Again, college-educated workers did not fare much better than high school graduates. For both types of workers, the slowdown in income in response to technological progress was similar. “Having a college degree doesn’t necessarily set you apart,” says Seegmiller.
One of the most striking findings came when the team looked at workers who had reached the highest level of income in an exposed occupation—for example, clerks or machine operators who earned relatively high wages compared to their peers. These workers saw their wages slow more than twice as much as the average worker in the same occupation with the same level of exposure to technology. “For people who are really capable, they have a lot of room to fall,” he says.
This pattern was even stronger among high-wage workers in occupations that required a long history of specific types of experience, such as skilled trades such as tool makers, machinists, and electrical equipment repairers. For these workers, “you’re really deep in your investment in those particular skills,” he says.
These wage trends indicated that something more than automation was happening. In the automation scenario, “technology comes along and a robot does what you used to do,” says Seegmiller. But a second type of displacement was also possible: rather than directly replacing workers, technology might change the way their jobs were performed and require people to acquire new skills.

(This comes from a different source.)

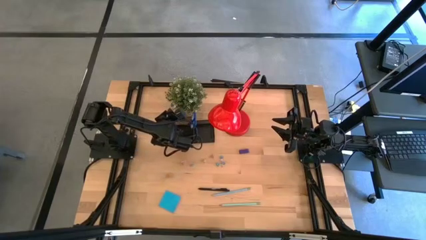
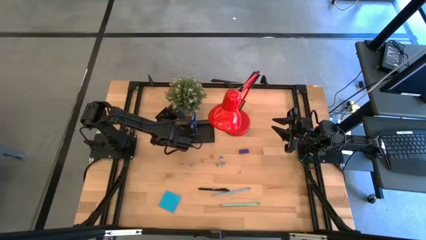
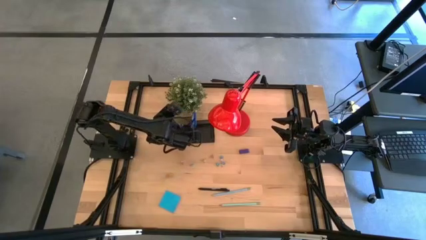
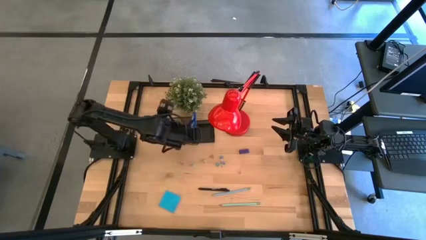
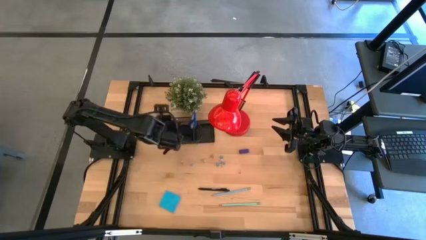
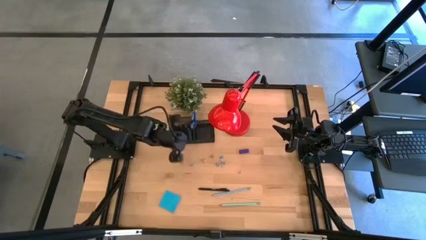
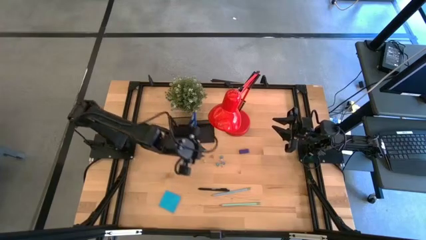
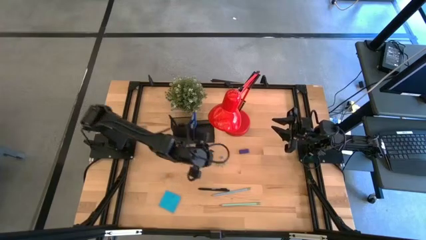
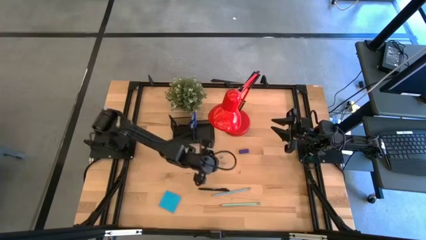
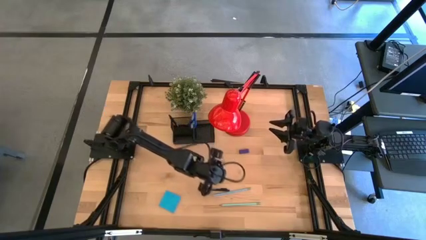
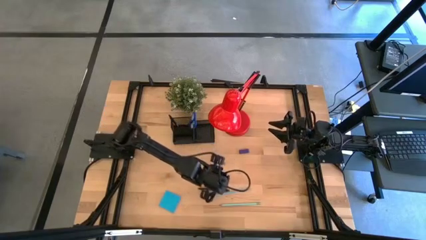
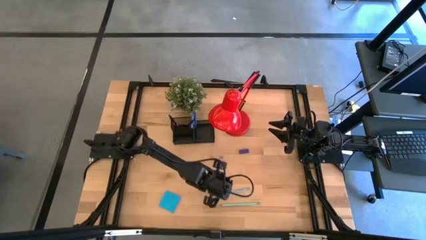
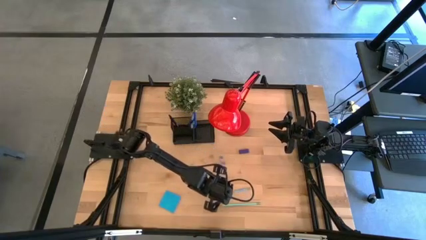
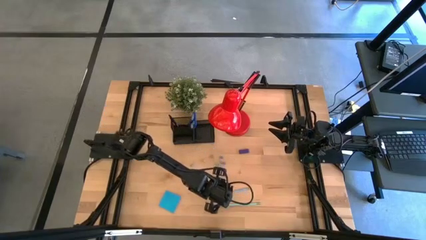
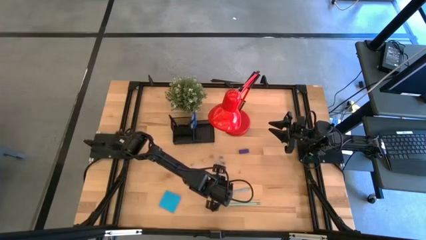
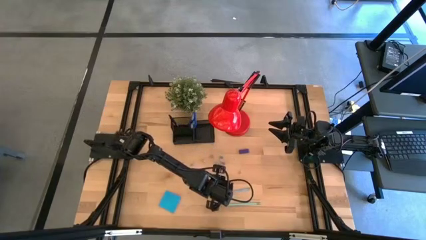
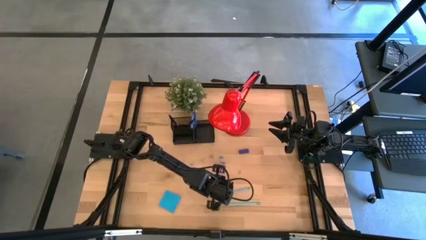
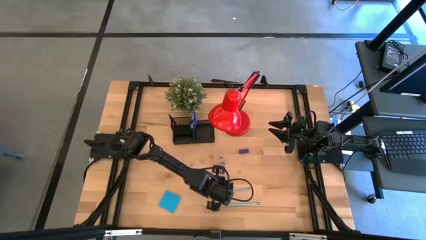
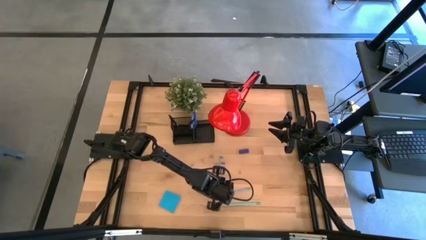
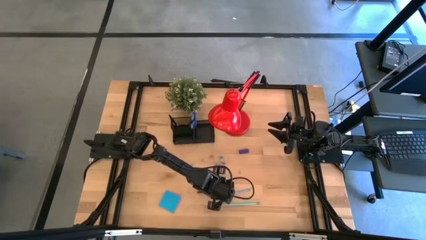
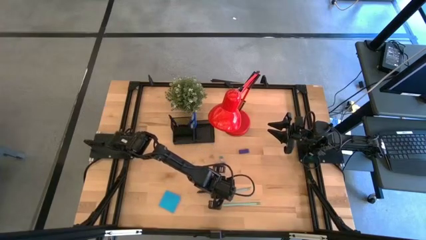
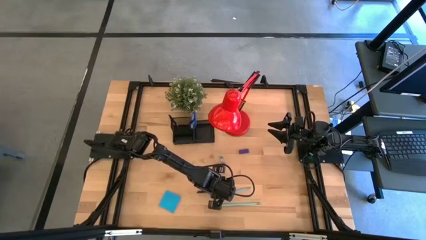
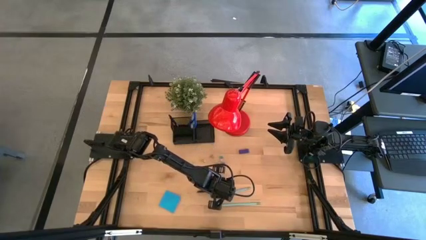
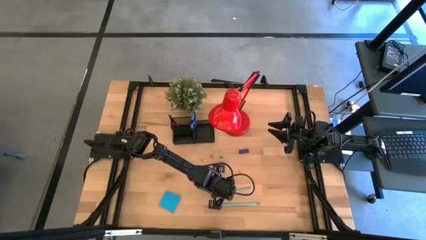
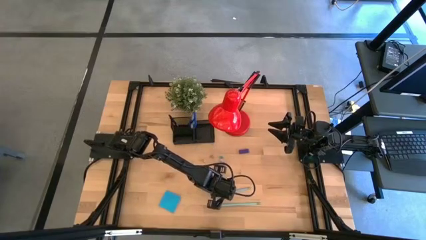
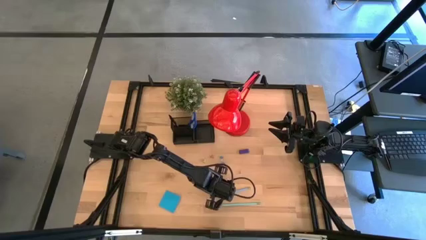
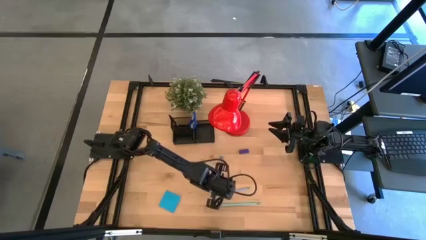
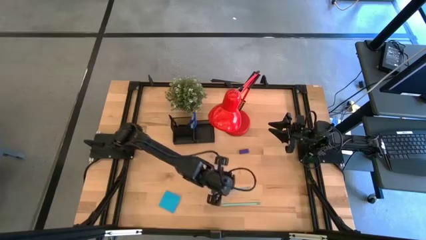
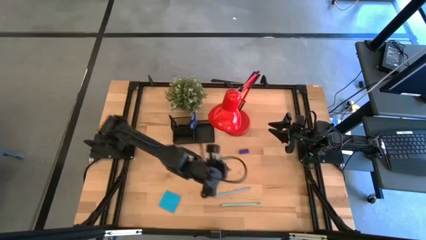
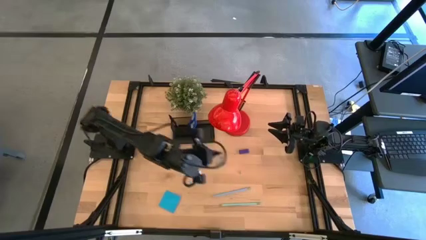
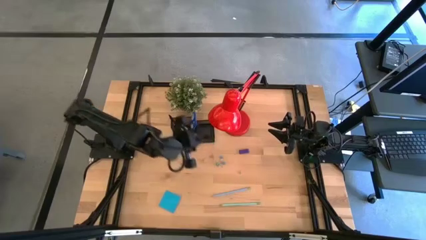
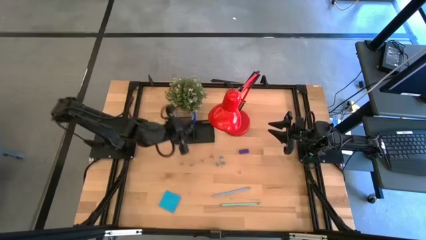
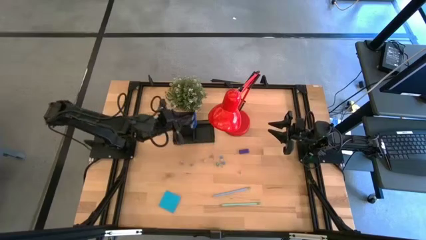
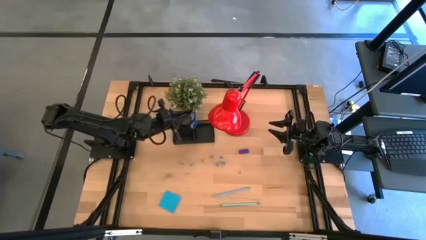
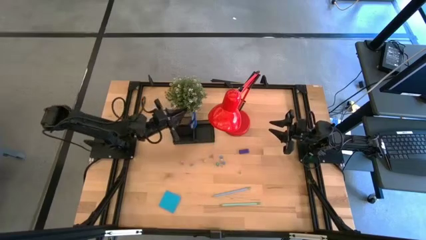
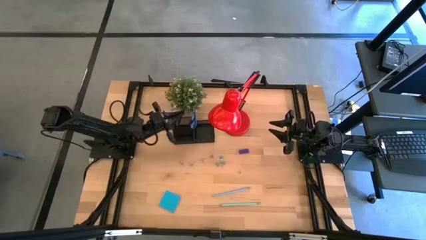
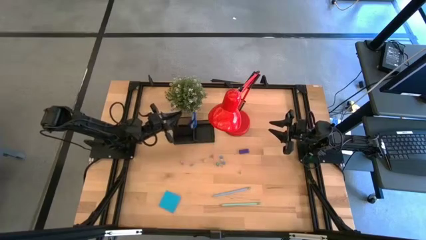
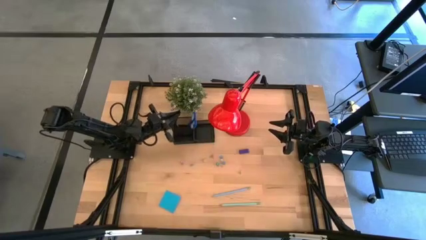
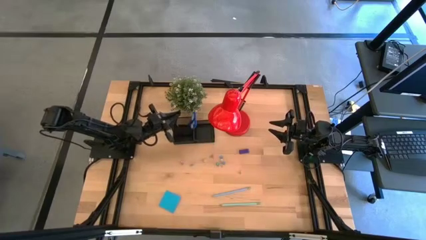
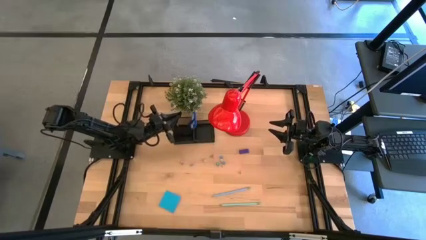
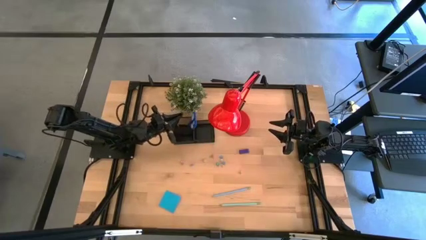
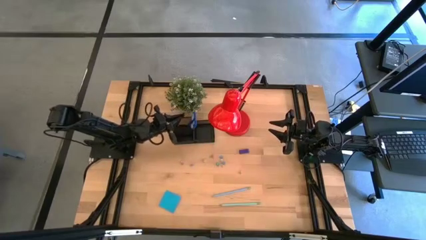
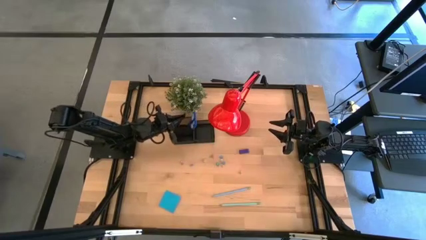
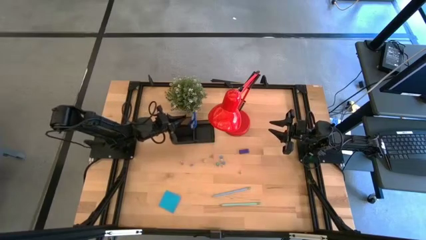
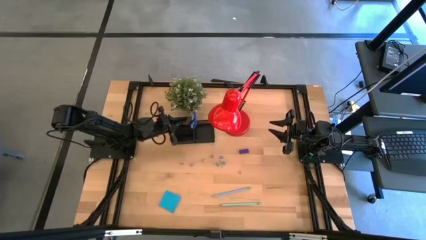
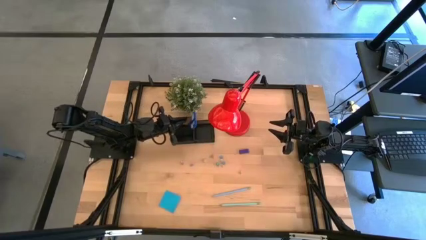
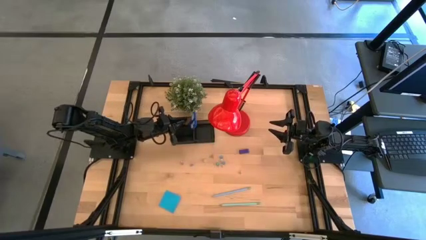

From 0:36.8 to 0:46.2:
Task: Pick and place office supplies into organizer
Put the black pen into the black desk organizer

For example, an employee who was very proficient in using a particular record keeping system may need to learn new software, or an experienced machine operator may be faced with unfamiliar equipment. People who had invested a lot of time and effort to master the now obsolete methods could be fired. or if they stayed in their jobs, their wages could stagnate or decline.
“If something new comes along and you’re very good at the old way of doing things, that can be just as difficult for you as a robot coming to replace assembly line workers,” he says.
Learning for Life
Researchers have identified some bright spots. Jobs in the interpersonal category had consistently low exposure to technological change. “One thing that technology can’t do, that has never been able to be replicated, is human-to-human interaction,” says Seegmiller.
And workers who specialized intensively in these interpersonal skills fared better. Even as their exposure to technology rose, their income did not fall as much as in other types of occupations.
Technology has also not been a uniformly negative force. The team conducted a separate analysis to identify patents in various disciplines that did not overlap with professional duties. Exposure to these advances was actually associated with increased workers’ incomes, likely because the inventions had helped them become more productive.
“Not all technology is bad for workers,” says Seegmiller. “But technology hurts certain people.”
So what should workers do to protect themselves from tomorrow’s technologies?
In addition to cultivating interpersonal skills, “it’s really important to be willing to learn and adapt all the time,” she says. Many free or inexpensive online courses can help workers acquire new skills. Policymakers could also develop programs to subsidize training for employees who may soon be displaced.
Moreover, the risk of future technological exposure should not necessarily deter people from pursuing a profession that is valued today. For example, an emerging concern—which was not addressed in this study—is that artificial intelligence will take on complex tasks such as data analysis. This may mean that data analysts will see slower salary growth in the future, but will still be paid relatively high salaries compared to many other occupations that are more isolated from technology. And if these analysts enjoy their work, the rewards of having a fulfilling job could be worth the income risk.
“The thought that ‘AI is going to take over everything, and therefore I should avoid investing in technical skills and becoming, say, a baker’—that’s just too pessimistic,” says Seegmiller.